(Exercise data)
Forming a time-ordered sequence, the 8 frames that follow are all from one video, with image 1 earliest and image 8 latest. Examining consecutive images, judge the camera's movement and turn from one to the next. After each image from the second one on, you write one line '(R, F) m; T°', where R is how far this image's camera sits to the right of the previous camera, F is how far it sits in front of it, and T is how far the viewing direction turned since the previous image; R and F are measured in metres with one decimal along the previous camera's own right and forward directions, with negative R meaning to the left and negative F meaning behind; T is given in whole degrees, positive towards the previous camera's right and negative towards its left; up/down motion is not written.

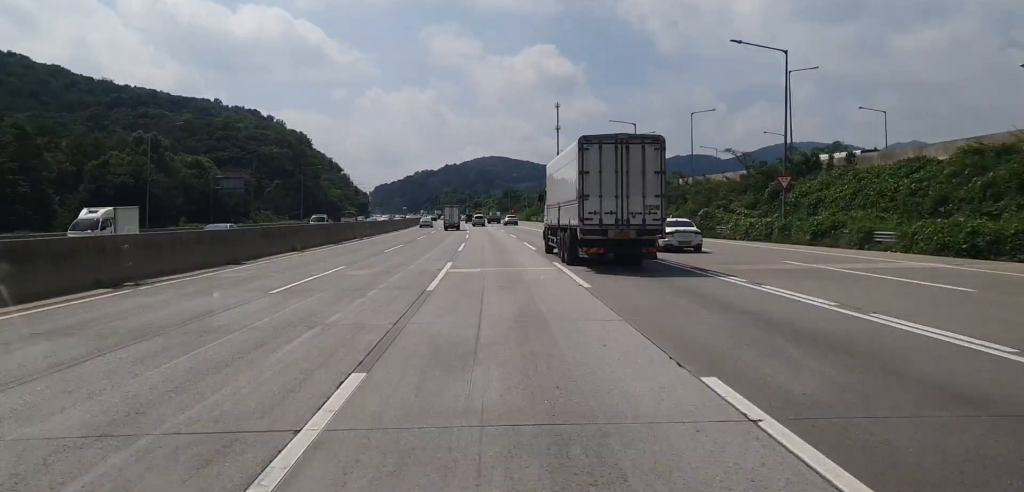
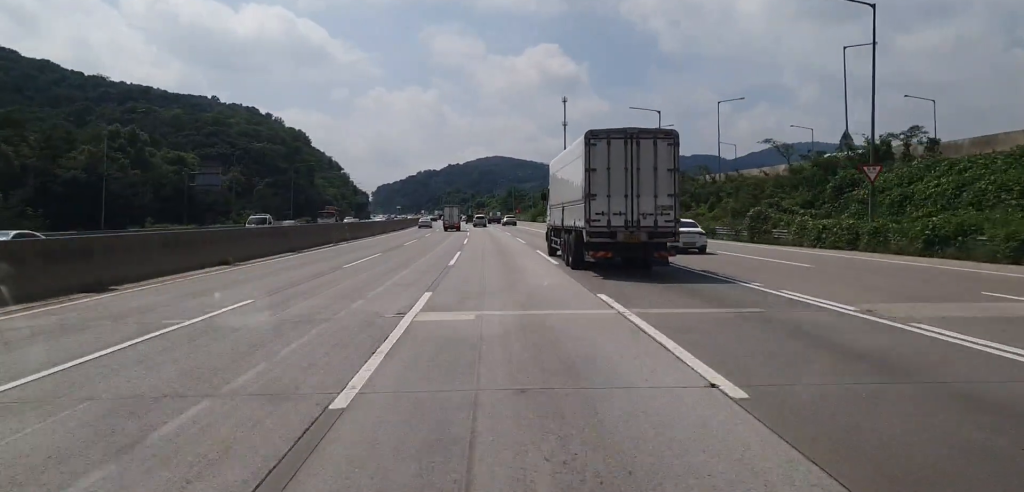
(+0.1, +10.9) m; 0°
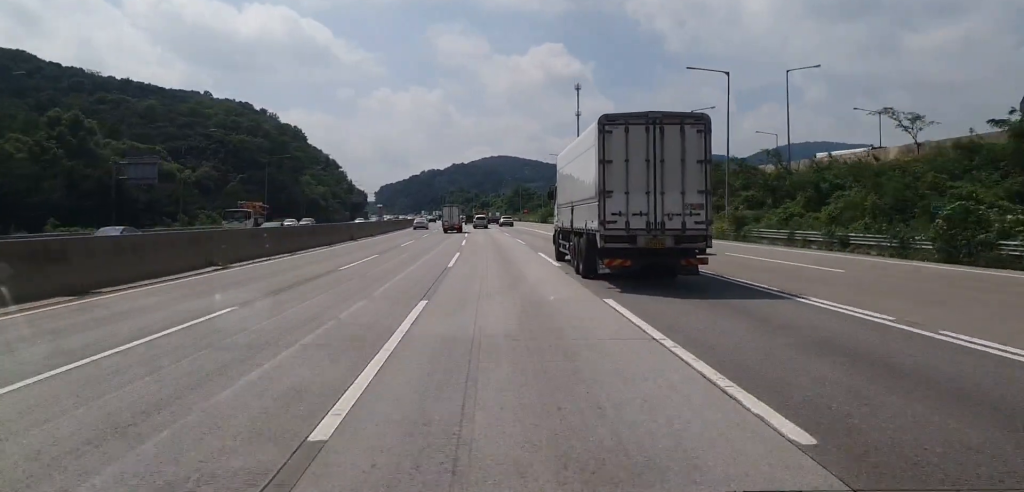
(-0.3, +20.9) m; 0°
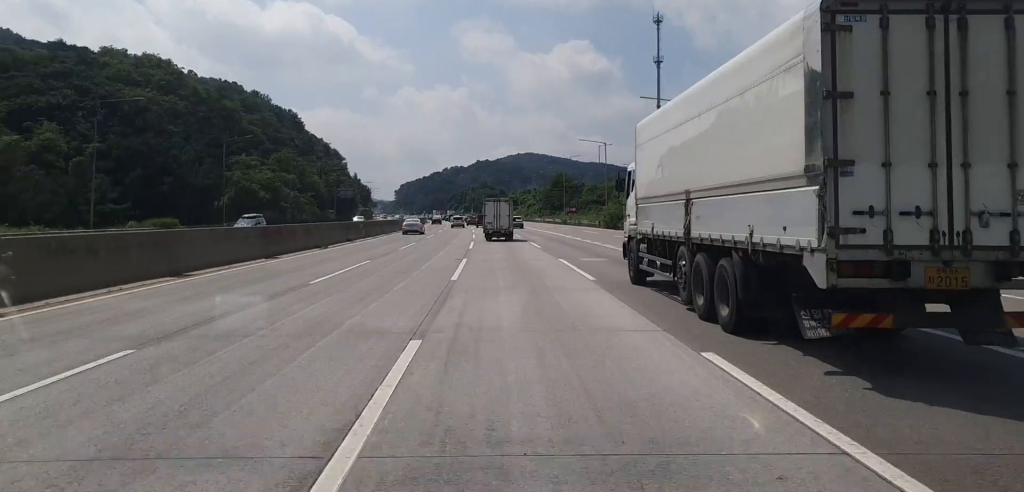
(-0.8, +65.4) m; -2°
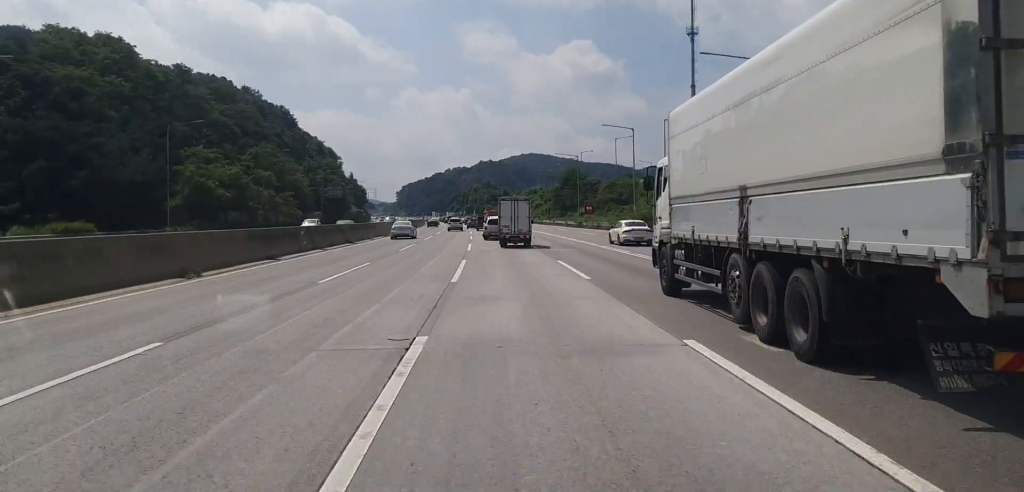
(0.0, +19.3) m; -1°
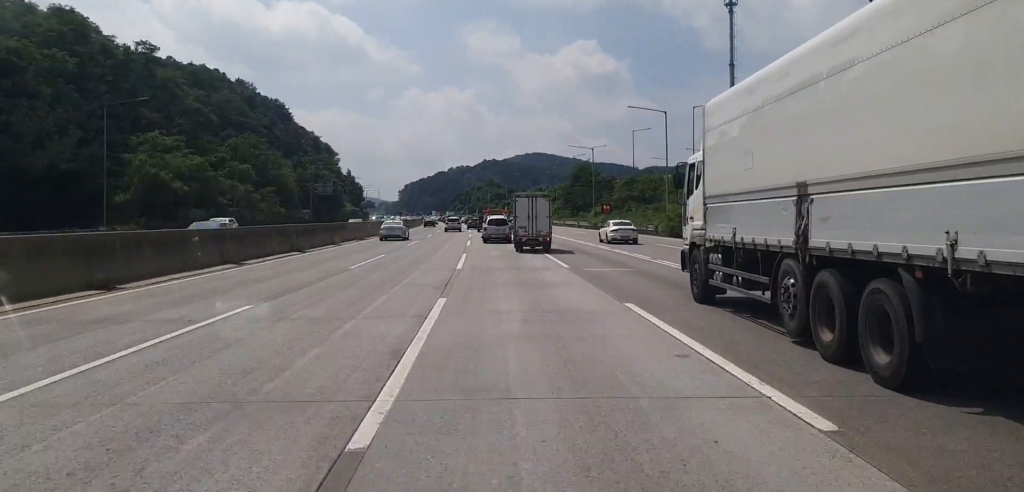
(-0.1, +15.0) m; 0°
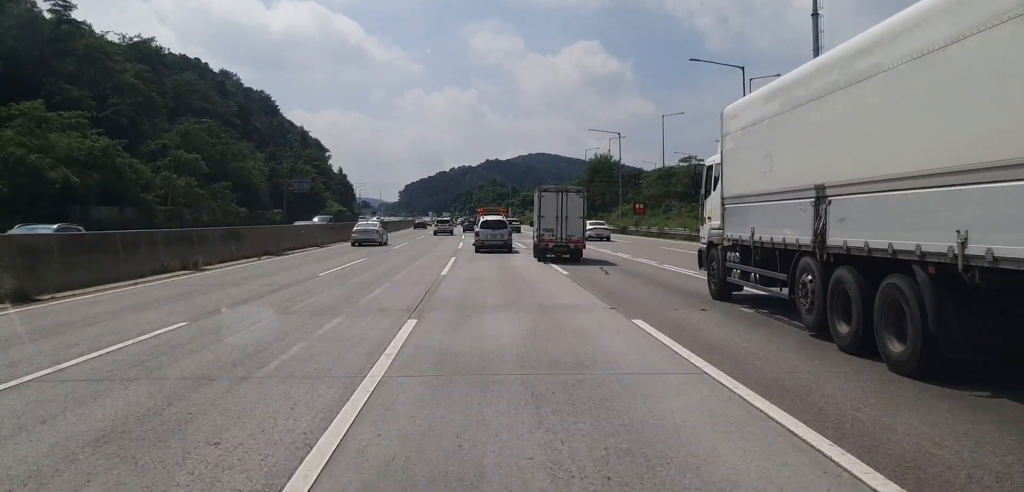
(+0.3, +23.3) m; +1°
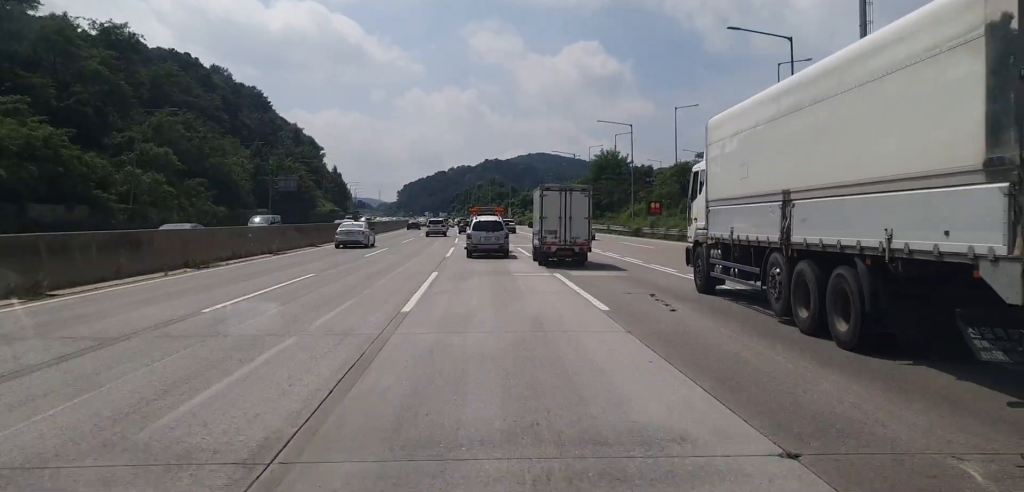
(+0.3, +9.4) m; 0°
(End Exercise data)
◆ **Exercise aim**:
Every record above must be given again exactly; drop the pictures.

◆ **Response to this task**:
Forming a time-ordered sequence, the 8 frames that follow are all from one video, with image 1 earliest and image 8 latest. Examining consecutive images, judge the camera's movement and turn from one to the next. After each image from the second one on, you write one line '(R, F) m; T°', where R is how far this image's camera sits to the right of the previous camera, F is how far it sits in front of it, and T is how far the viewing direction turned since the previous image; R and F are measured in metres with one decimal along the previous camera's own right and forward directions, with negative R meaning to the left and negative F meaning behind; T is given in whole degrees, positive towards the previous camera's right and negative towards its left; up/down motion is not written.

(+0.1, +10.9) m; 0°
(-0.3, +20.9) m; 0°
(-0.8, +65.4) m; -2°
(0.0, +19.3) m; -1°
(-0.1, +15.0) m; 0°
(+0.3, +23.3) m; +1°
(+0.3, +9.4) m; 0°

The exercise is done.